Sundown

  • 19 Feb - 25 Feb, 2022
  • Mag The Weekly
  • Reviews

Neil Bennett is enjoying a nice holiday at a Mexican resort with his sister, Alice, and her two teenage kids. They’ve got the sea view and the infinity pool and a hotel entertainer to sing for them over supper. Then all of a sudden, disaster. The phone rings; their mother’s dead. So Neil does what any sensible son would do in his position. He pretends he’s lost his passport and therefore can’t fly home for the funeral. The woman’s dead anyway, so what does she care?

Sundown shows Neil’s decision, then proceeds to stroll alongside him like an innocent party.
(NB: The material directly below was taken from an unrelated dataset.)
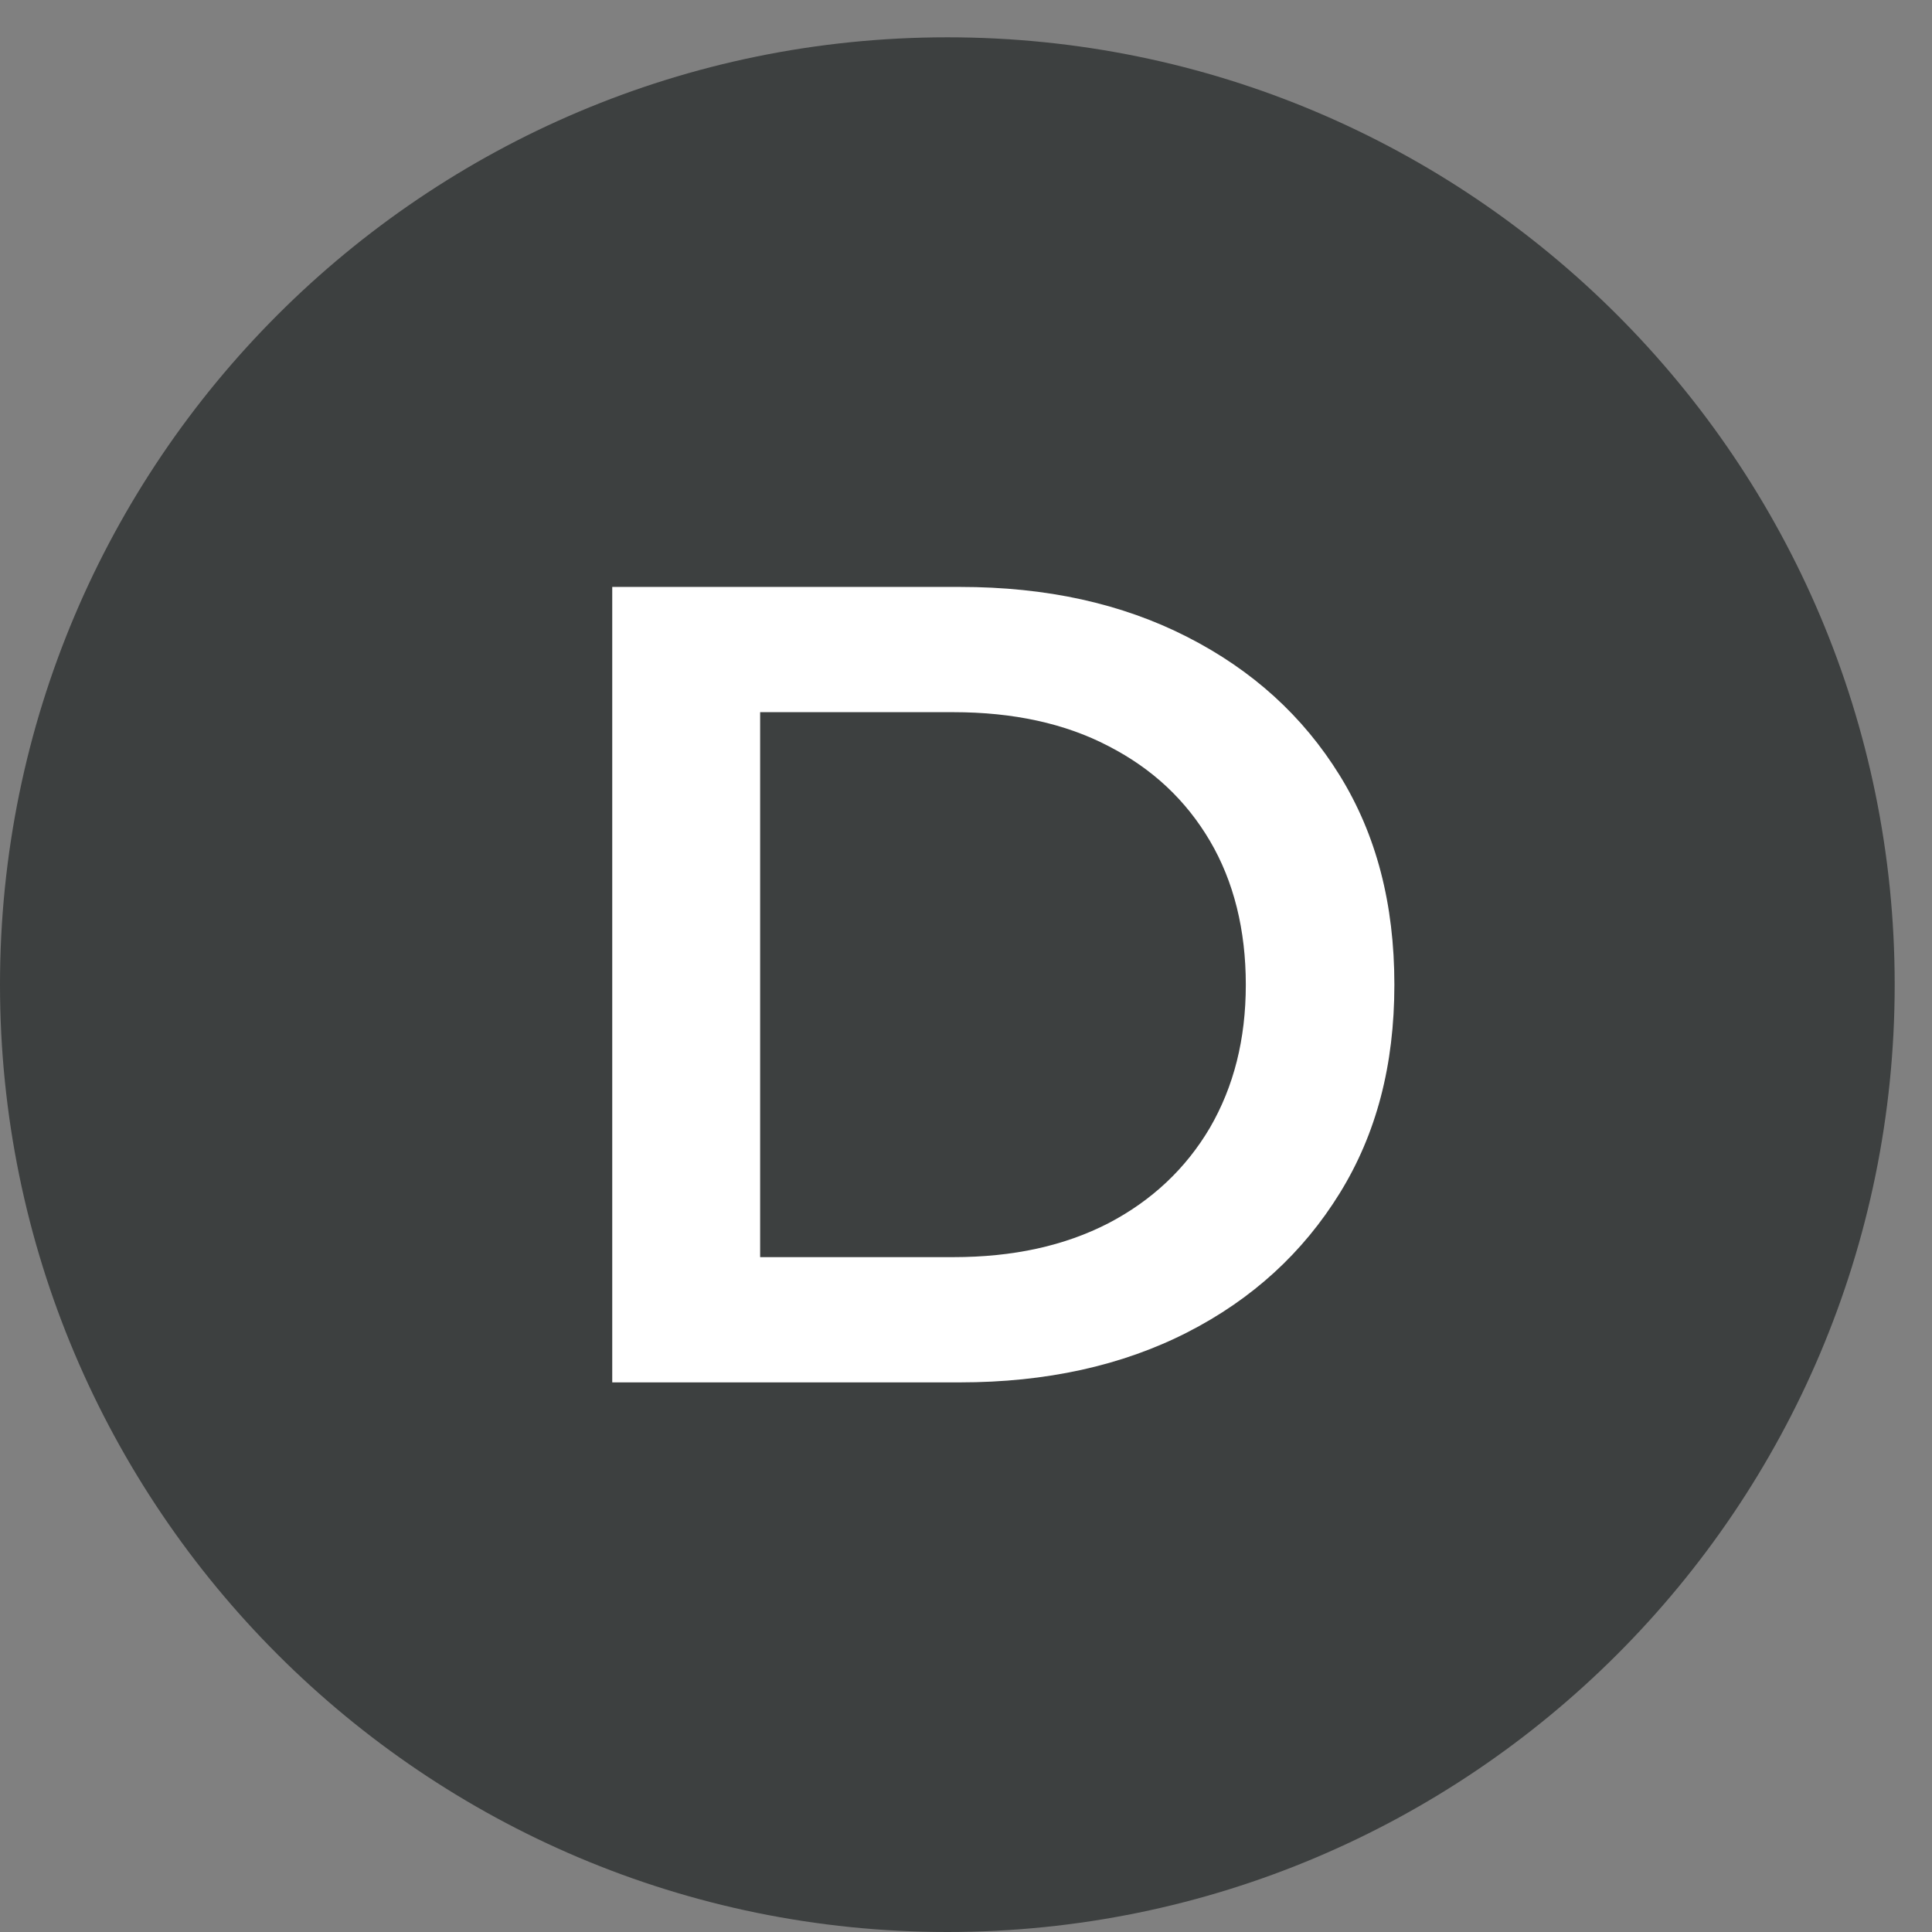 <?xml version="1.0" encoding="UTF-8"?> <svg xmlns="http://www.w3.org/2000/svg" width="29" height="29" viewBox="0 0 29 29" fill="none"><rect x="0" y="0" width="29" height="29" fill="#808080" stroke="none"/><path fill-rule="evenodd" clip-rule="evenodd" d="M28.44 14.78C28.44 22.63 22.07 29 14.22 29C6.37 29 0 22.63 0 14.78C0 6.93 6.37 0.56 14.22 0.56C22.07 0.56 28.44 6.93 28.44 14.78Z" fill="#3D4040"></path><path d="M9.19 20.75V8.81H14.41C15.71 8.81 16.84 9.06 17.82 9.56C18.8 10.06 19.56 10.75 20.11 11.64C20.66 12.53 20.93 13.57 20.93 14.78C20.93 15.99 20.66 17.02 20.11 17.91C19.56 18.8 18.8 19.5 17.82 20C16.84 20.5 15.7 20.75 14.41 20.75H9.19ZM11.41 18.87H14.31C15.21 18.87 15.98 18.7 16.64 18.36C17.29 18.02 17.8 17.54 18.16 16.93C18.52 16.31 18.7 15.6 18.7 14.78C18.7 13.96 18.52 13.23 18.16 12.62C17.8 12.01 17.3 11.54 16.64 11.2C15.99 10.86 15.21 10.69 14.31 10.69H11.41V18.88V18.87Z" fill="white"></path></svg>

It’s an approach that makes the film all the more blackly comic.

No sooner has Neil shoved tear-stained Alice and the kids through the departure gate than he’s away in a cab, bound for downtown Acapulco. Now he’s holed up at the rackety Hotel Camelinas, not taking calls, just living the dream. When Alice returns, a full fortnight later, she finds him drinking on the beach with the new girlfriend he picked up at the local bodega. As played by Charlotte Gainsbourg, Alice speaks for all of us. Her mouth drops open; she throws up her hands.

This of course is the film’s million dollar question. What on earth is wrong with Neil? Is he sick in the head or an out-and-out sociopath? It turns out that the Bennetts are the fabulously wealthy heirs to a meatpacking business; their lavish holidays funded by industrialised slaughter. But Neil mildly explains that he has no interest in money and is content to survive on a relatively small monthly stipend. He’s unperturbed by his sister’s fury, just as he barely bats an eyelid when he witnesses a gangland execution on the beach. He came to Mexico to relax, after all. At the Hotel Camelinas he appears to have achieved full nirvana.

What an extraordinary performance Tim Roth gives us here, insofar as it qualifies as a performance at all. He ambles through the tale with a placid half-smile, his shoulders slumped, his flip-flops dragging; a hollow man who desires nothing more than to be left alone with his nothingness. So what if he skipped his mum’s cremation and lied to his loving family? He shrugs like a husband who forgot to put out the recycling. All in all, Sundown is pitiless and pitch-perfect, an existential tour-de-force.